Instructions to follow:
Transcribe the records below word for word, beginning with the first line and stopping after the line that contains "BOAT TOWING TACTICS- HOW"; pictures are not part of the copy.

(Source data)
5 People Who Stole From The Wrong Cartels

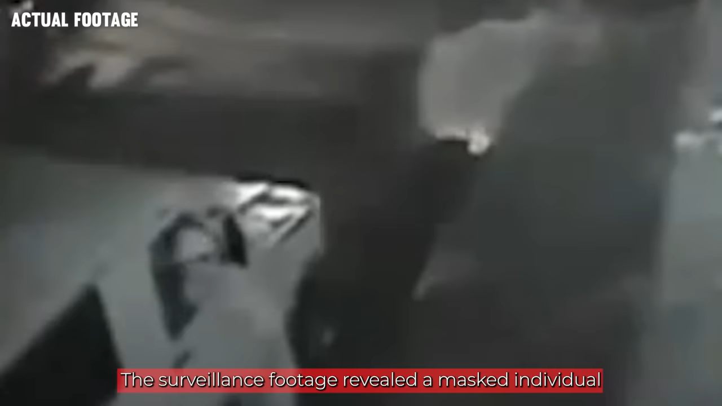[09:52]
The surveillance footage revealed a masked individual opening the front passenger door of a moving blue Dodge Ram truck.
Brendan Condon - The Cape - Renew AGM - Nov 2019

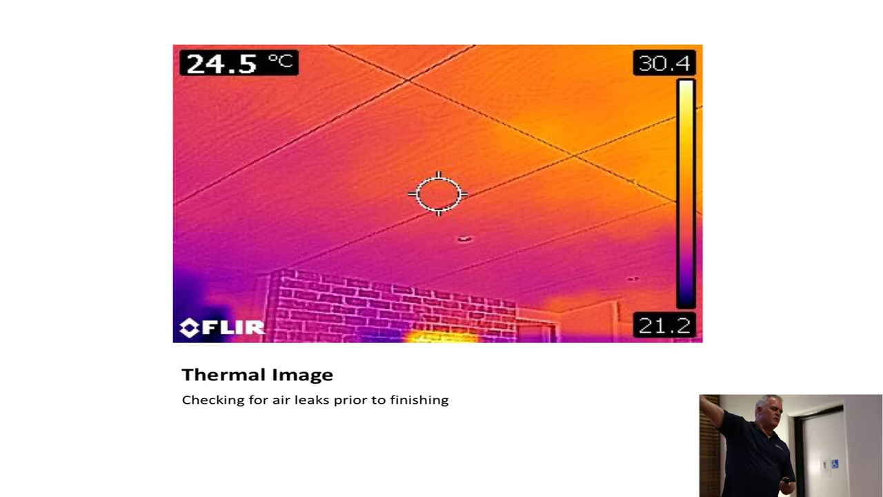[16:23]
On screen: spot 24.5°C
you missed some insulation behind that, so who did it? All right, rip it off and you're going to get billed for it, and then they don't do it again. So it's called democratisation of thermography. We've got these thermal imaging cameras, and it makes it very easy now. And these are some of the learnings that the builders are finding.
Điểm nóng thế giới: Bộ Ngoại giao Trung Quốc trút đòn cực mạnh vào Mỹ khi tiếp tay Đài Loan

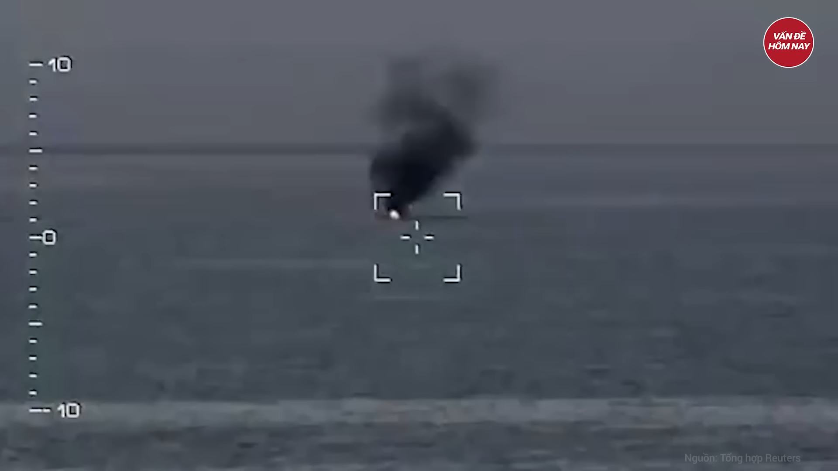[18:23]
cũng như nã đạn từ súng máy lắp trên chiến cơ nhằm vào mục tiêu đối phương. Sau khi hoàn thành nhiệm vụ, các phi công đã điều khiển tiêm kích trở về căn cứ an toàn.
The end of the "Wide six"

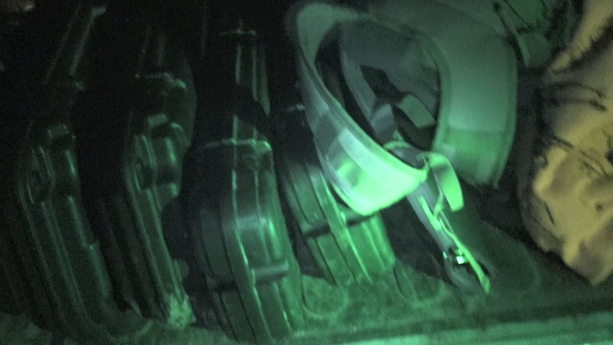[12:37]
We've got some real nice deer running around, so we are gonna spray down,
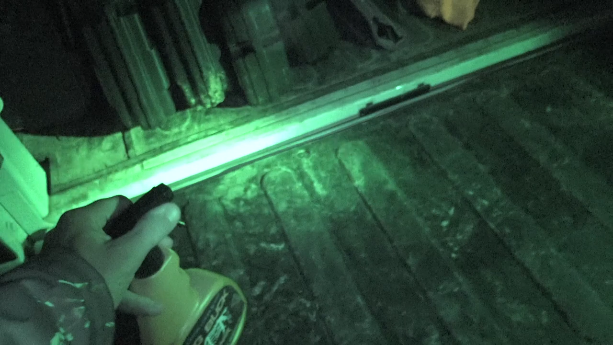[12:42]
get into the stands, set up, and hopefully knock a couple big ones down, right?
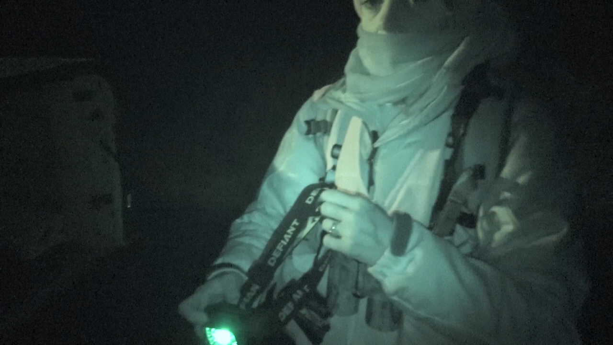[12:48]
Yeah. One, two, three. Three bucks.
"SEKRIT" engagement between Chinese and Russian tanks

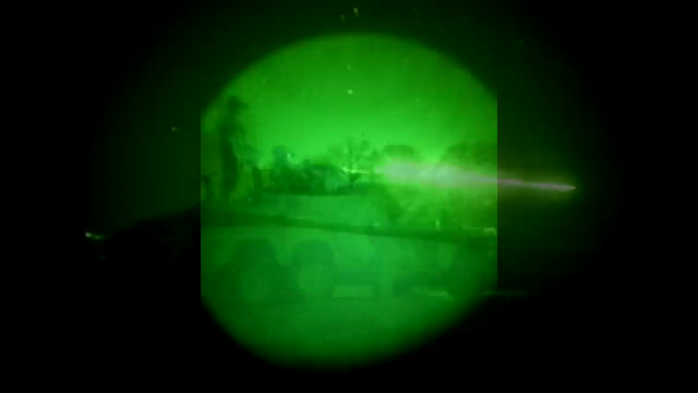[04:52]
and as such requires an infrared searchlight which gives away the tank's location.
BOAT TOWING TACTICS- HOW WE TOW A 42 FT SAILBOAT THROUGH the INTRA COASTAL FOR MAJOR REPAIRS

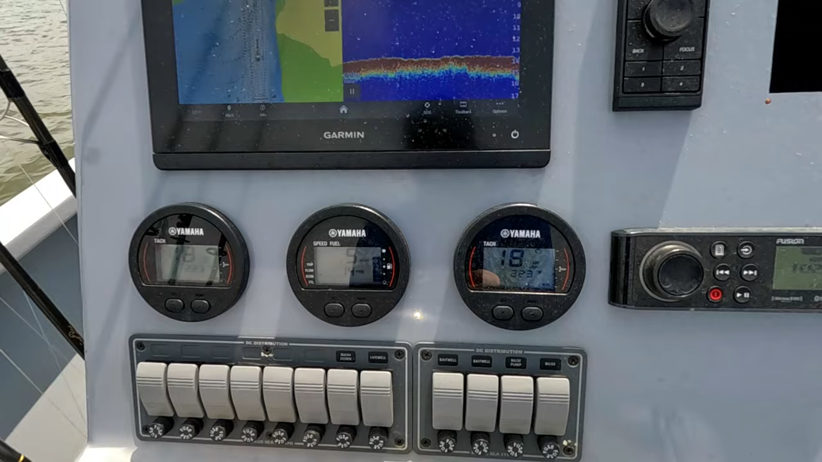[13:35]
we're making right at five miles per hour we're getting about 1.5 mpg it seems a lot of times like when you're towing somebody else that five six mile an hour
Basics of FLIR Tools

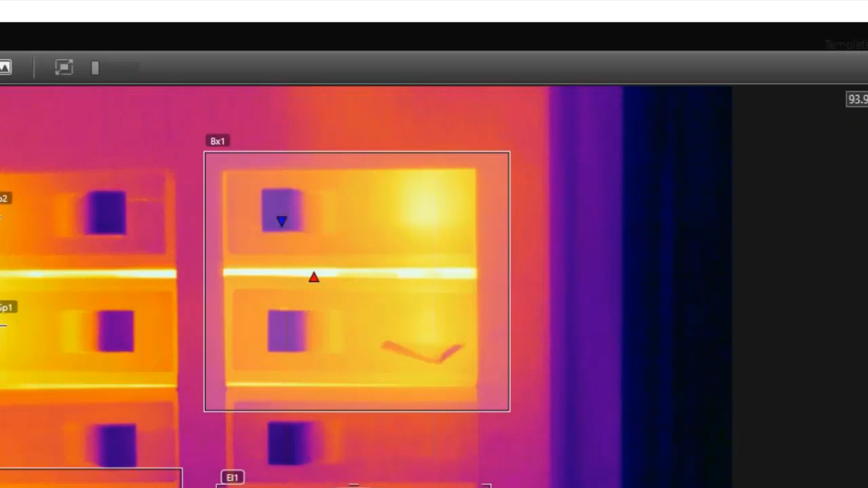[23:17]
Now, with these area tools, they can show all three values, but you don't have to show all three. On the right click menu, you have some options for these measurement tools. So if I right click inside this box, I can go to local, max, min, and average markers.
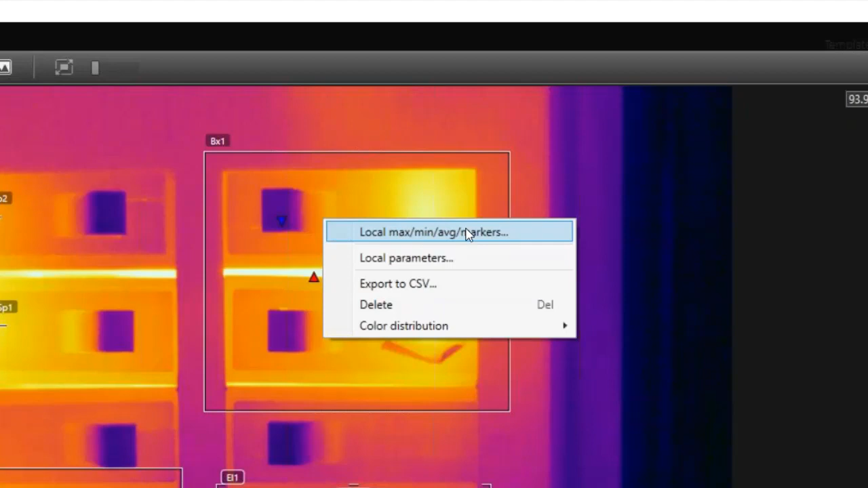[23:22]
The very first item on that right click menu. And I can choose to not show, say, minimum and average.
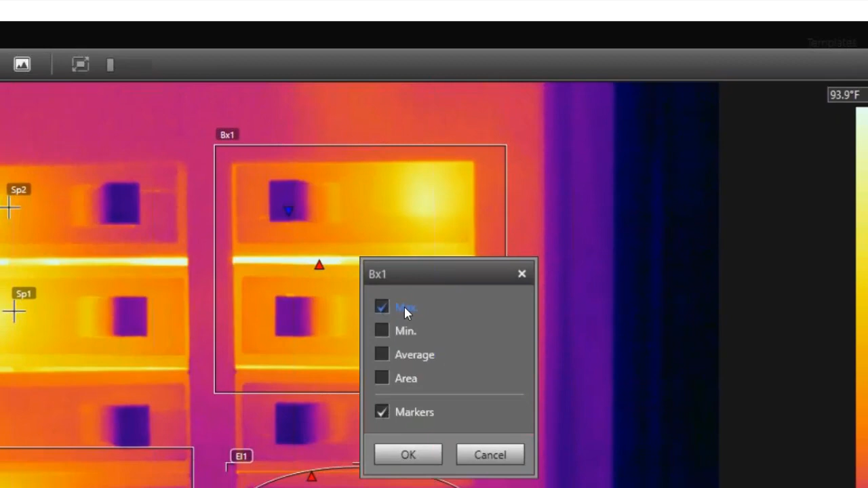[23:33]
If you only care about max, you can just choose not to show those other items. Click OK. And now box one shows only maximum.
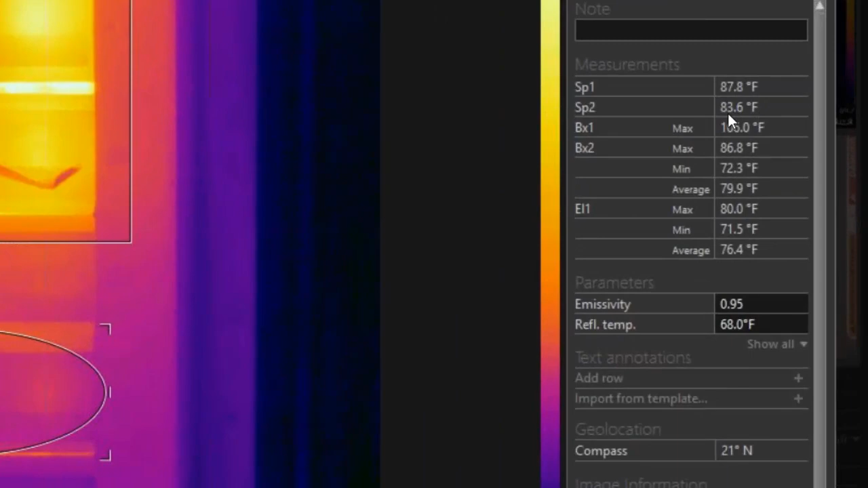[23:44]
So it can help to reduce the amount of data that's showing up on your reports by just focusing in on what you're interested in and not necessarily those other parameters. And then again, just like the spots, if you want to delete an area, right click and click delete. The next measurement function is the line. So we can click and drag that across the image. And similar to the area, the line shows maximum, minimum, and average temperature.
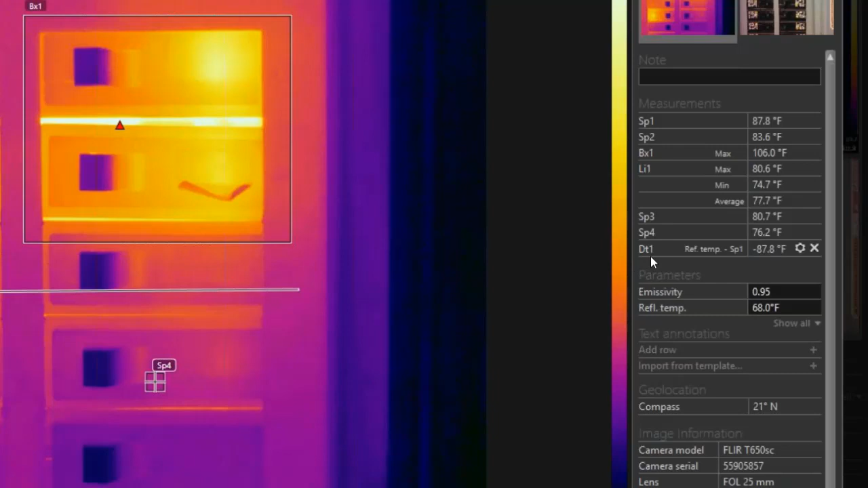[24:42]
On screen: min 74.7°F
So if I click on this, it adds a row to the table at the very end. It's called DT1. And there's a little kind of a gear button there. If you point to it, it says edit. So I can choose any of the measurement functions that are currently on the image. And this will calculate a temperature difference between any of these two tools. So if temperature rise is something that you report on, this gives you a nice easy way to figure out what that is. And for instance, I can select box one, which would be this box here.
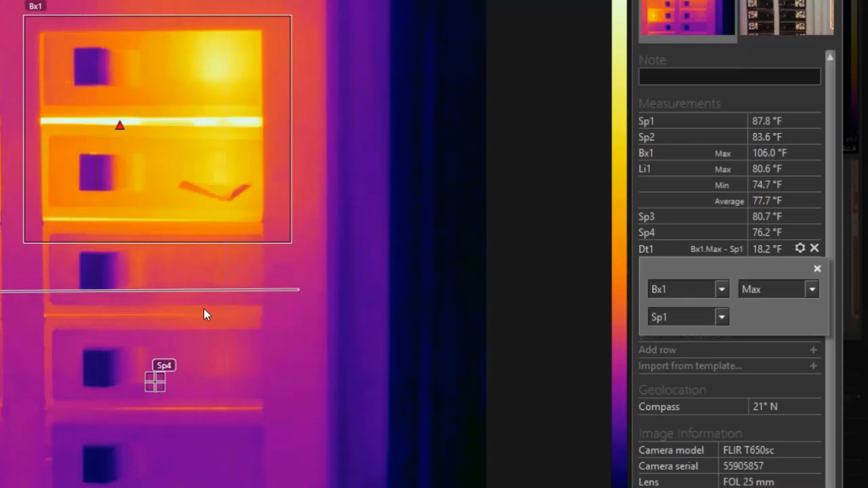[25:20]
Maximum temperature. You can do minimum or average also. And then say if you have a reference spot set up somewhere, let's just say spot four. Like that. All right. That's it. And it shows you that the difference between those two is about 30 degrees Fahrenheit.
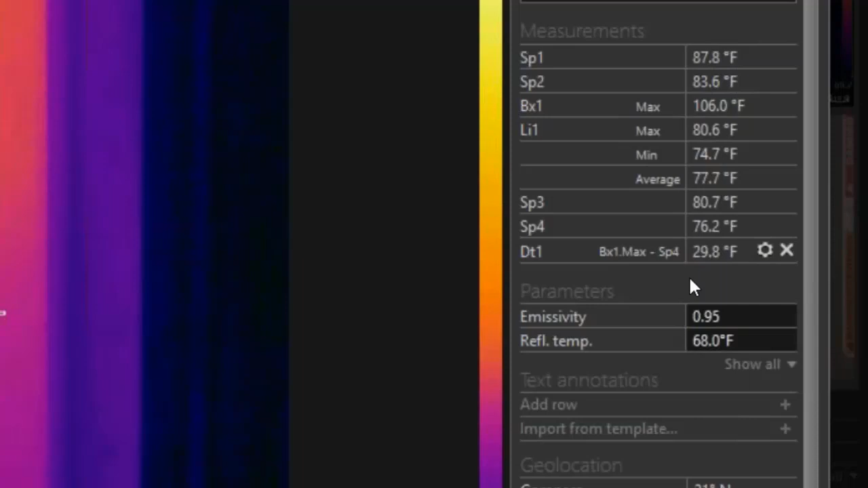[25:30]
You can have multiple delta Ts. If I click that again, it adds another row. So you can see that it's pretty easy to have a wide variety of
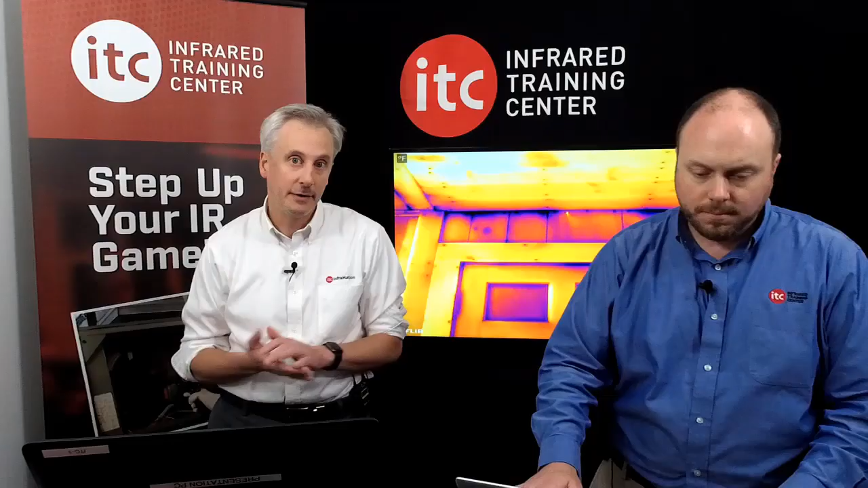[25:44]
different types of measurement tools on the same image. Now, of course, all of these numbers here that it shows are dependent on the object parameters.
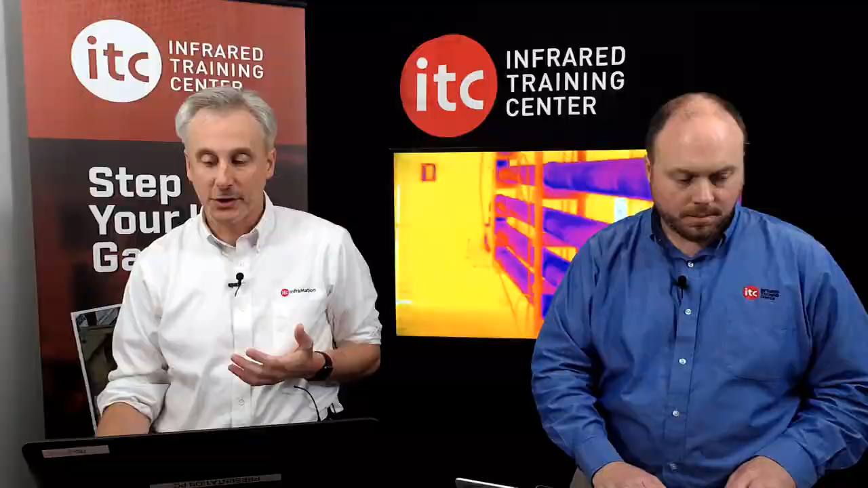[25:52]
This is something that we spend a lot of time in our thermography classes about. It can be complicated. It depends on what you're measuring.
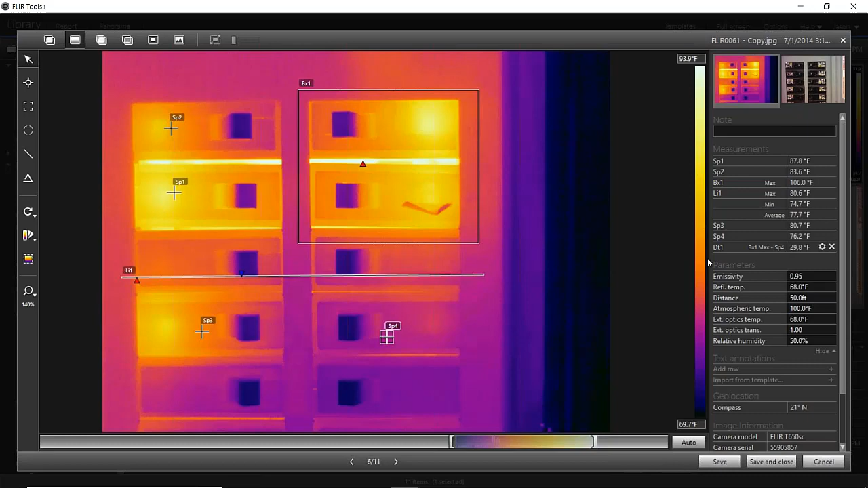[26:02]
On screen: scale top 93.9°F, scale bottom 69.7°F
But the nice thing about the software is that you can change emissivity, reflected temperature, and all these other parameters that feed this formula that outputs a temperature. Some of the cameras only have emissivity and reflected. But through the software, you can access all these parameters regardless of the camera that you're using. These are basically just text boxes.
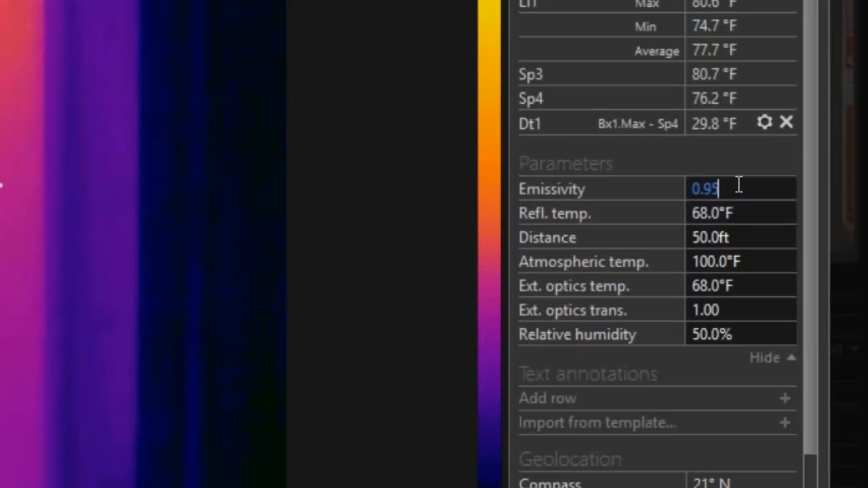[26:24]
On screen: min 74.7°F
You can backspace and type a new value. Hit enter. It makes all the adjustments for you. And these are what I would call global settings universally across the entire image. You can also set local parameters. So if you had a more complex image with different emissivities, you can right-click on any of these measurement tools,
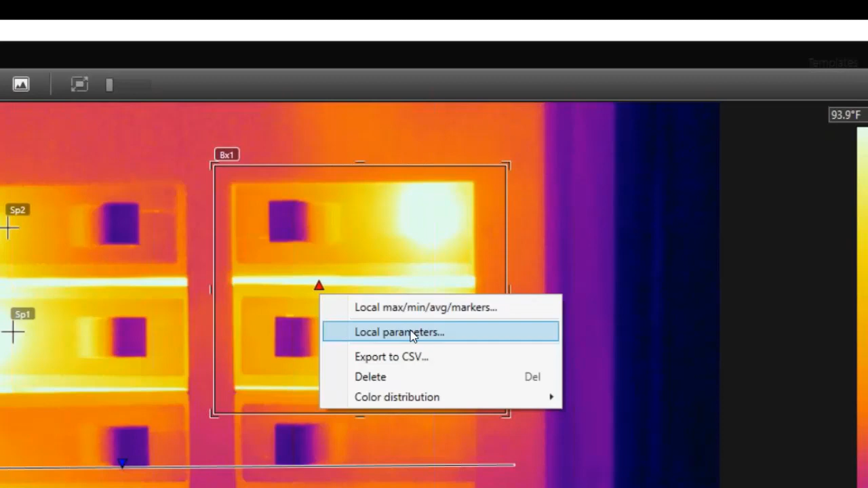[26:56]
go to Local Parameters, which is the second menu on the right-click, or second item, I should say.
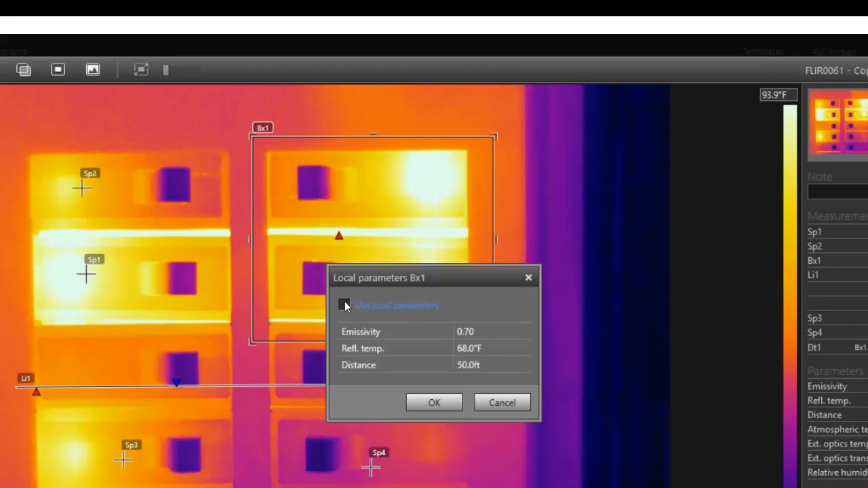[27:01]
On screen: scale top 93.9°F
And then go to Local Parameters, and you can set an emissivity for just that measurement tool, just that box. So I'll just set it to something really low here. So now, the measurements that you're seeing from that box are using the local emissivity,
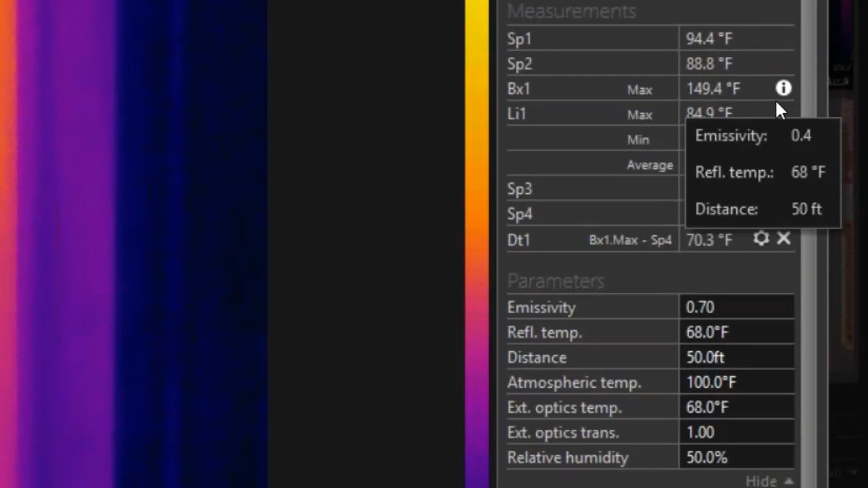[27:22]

Answer box:
5 People Who Stole From The Wrong Cartels

[09:52]
The surveillance footage revealed a masked individual opening the front passenger door of a moving blue Dodge Ram truck.
Brendan Condon - The Cape - Renew AGM - Nov 2019

[16:23]
On screen: spot 24.5°C
you missed some insulation behind that, so who did it? All right, rip it off and you're going to get billed for it, and then they don't do it again. So it's called democratisation of thermography. We've got these thermal imaging cameras, and it makes it very easy now. And these are some of the learnings that the builders are finding.
Điểm nóng thế giới: Bộ Ngoại giao Trung Quốc trút đòn cực mạnh vào Mỹ khi tiếp tay Đài Loan

[18:23]
cũng như nã đạn từ súng máy lắp trên chiến cơ nhằm vào mục tiêu đối phương. Sau khi hoàn thành nhiệm vụ, các phi công đã điều khiển tiêm kích trở về căn cứ an toàn.
The end of the "Wide six"

[12:37]
We've got some real nice deer running around, so we are gonna spray down,
[12:42]
get into the stands, set up, and hopefully knock a couple big ones down, right?
[12:48]
Yeah. One, two, three. Three bucks.
"SEKRIT" engagement between Chinese and Russian tanks

[04:52]
and as such requires an infrared searchlight which gives away the tank's location.
BOAT TOWING TACTICS- HOW WE TOW A 42 FT SAILBOAT THROUGH the INTRA COASTAL FOR MAJOR REPAIRS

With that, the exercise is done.